I am superstitious, and that seemed a good omen. The selection meeting was in the Commemoration Hall, Huntingdon, and the final opposition was tough. I learned later that Jock Bruce-Gardyne, formerly MP for Angus, had under-performed, having a foul cold. Lord Douro was thought to have had one piece of good news already that week, having become engaged to the Kaiser’s granddaughter. Alan Haselhurst, later Deputy Speaker, spoke brilliantly, and was the runaway favourite when I spoke, last of the four. It went well, and, the ordeal over, Norma and I returned to the holding room and then to the local pub to consider our chances as the balloting got under way.

The Commemoration Hall as we returned was a scene of pandemonium. A decision had obviously been made. Wild applause and cheering could be heard, and as we hurried to the holding room I peered through the glass windows in the door of the main hall and saw Anne Foard, my telephone confidante of Sunday, standing on a chair whooping, with her hands clapping above her head.

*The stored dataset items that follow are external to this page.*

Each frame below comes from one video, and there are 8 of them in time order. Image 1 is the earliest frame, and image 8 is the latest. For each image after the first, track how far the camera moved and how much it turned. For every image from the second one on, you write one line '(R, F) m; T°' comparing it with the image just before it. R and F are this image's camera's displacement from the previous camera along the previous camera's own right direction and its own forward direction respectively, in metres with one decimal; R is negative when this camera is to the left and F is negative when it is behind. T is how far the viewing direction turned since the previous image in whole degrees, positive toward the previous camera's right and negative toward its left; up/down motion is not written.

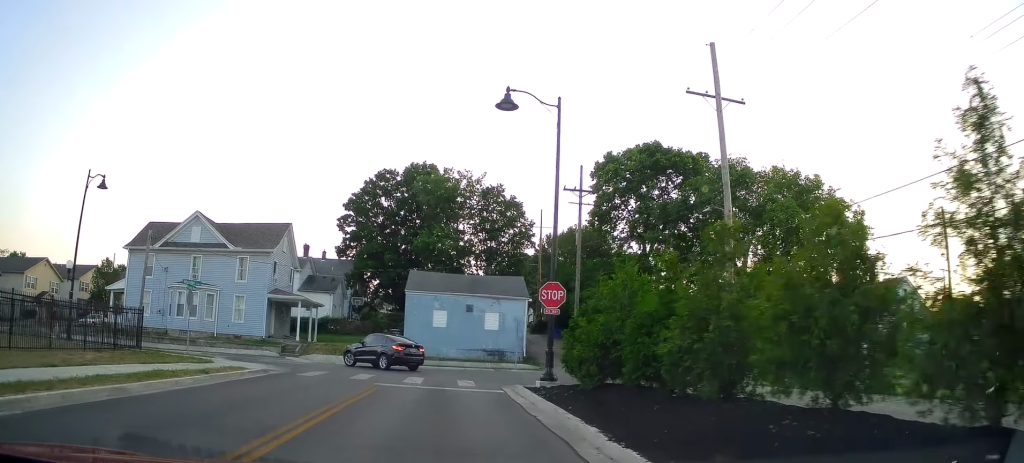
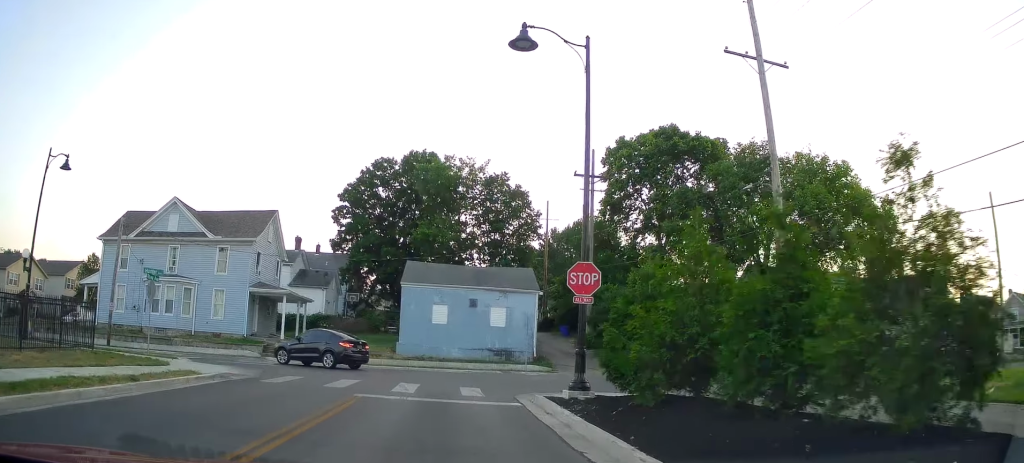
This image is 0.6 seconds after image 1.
(-0.1, +4.2) m; +3°
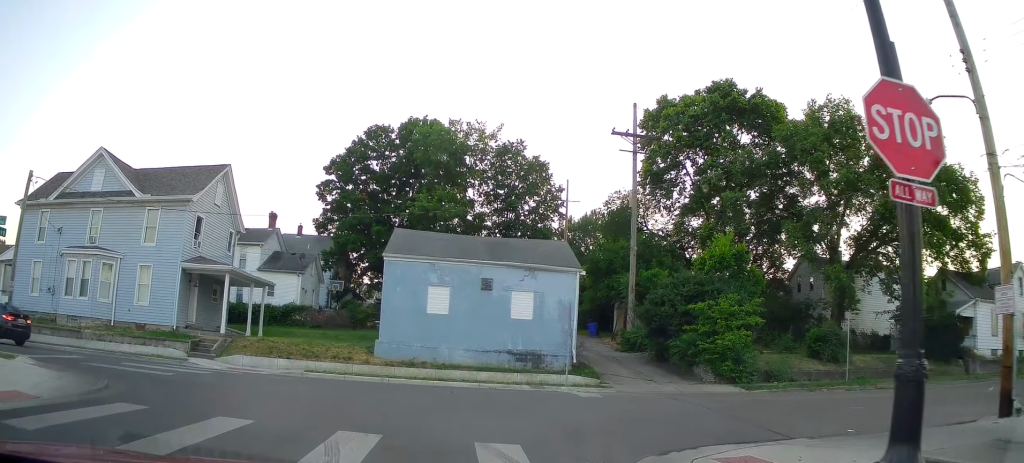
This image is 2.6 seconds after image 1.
(+0.3, +11.0) m; -4°
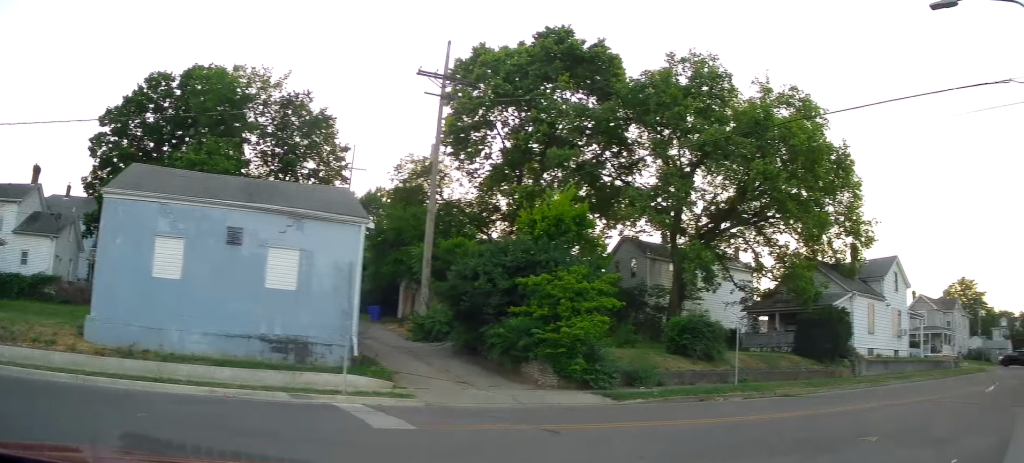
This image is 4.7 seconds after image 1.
(+0.5, +8.1) m; +19°
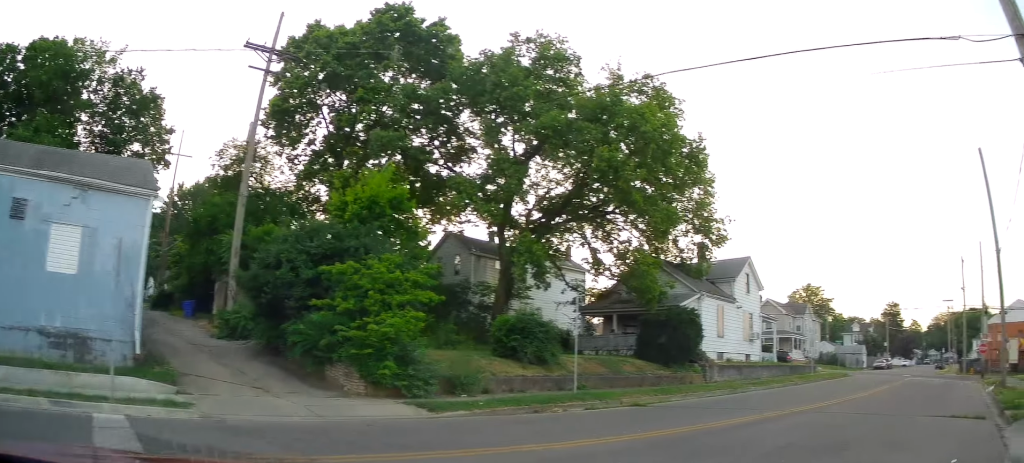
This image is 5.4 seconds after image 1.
(+0.4, +2.7) m; +13°
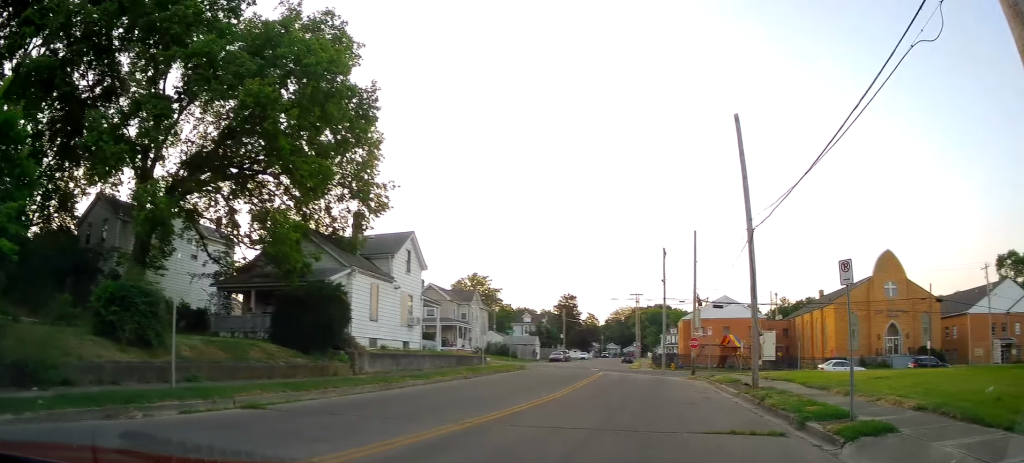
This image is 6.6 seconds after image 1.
(+0.8, +4.9) m; +26°
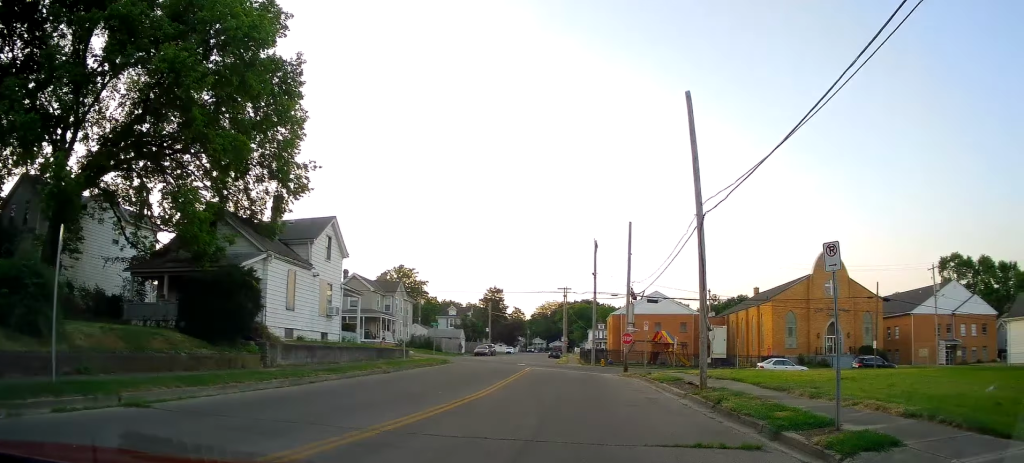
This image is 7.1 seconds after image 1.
(+0.4, +1.7) m; +10°
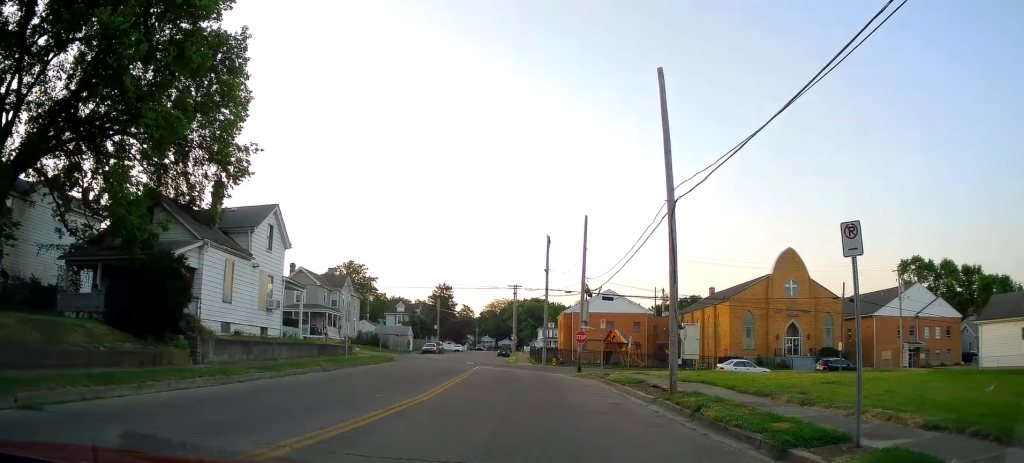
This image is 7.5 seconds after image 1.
(+0.1, +1.7) m; +9°

Moments later Archie Gray, the Chairman of the association, entered the holding room. We all stood, tense and expectant.

‘You’ve all done magnificently,’ he said. ‘It was hard to choose, but Mr Major has been selected.’ Smiling, he walked over and shook my hand. As he did so I knew the course of my life had been determined.

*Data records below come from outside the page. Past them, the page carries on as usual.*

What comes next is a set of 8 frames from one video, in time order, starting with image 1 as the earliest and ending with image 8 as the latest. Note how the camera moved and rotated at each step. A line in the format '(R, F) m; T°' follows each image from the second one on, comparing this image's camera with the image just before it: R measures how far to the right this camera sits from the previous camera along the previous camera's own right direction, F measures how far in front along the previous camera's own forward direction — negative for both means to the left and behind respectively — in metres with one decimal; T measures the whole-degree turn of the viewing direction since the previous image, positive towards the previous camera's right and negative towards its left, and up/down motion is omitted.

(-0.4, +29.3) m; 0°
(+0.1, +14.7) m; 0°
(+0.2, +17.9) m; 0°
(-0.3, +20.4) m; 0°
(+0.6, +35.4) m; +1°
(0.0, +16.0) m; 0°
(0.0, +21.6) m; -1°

From the start Huntingdonshire fitted me like a glove, although a few of the older members were startled to have a candidate from Brixton and an agent from Glasgow. They soon mellowed. Norma and I immediately decided to move to the constituency and put West Oak on the market. Unfortunately for us, subsidence of a neighbouring house in our terrace reduced its value and made it more difficult to sell. It took months, and throughout that time I commuted between my home in Beckenham, my job in the City and the constituency in Huntingdon. We found a lovely house in St Neots but, to my fury, we were gazumped by a partner in one of the local estate agents. Eventually we found a conventional four-bedroomed detached house in the beautiful village of Hemingford Grey, and moved in just before Christmas 1977.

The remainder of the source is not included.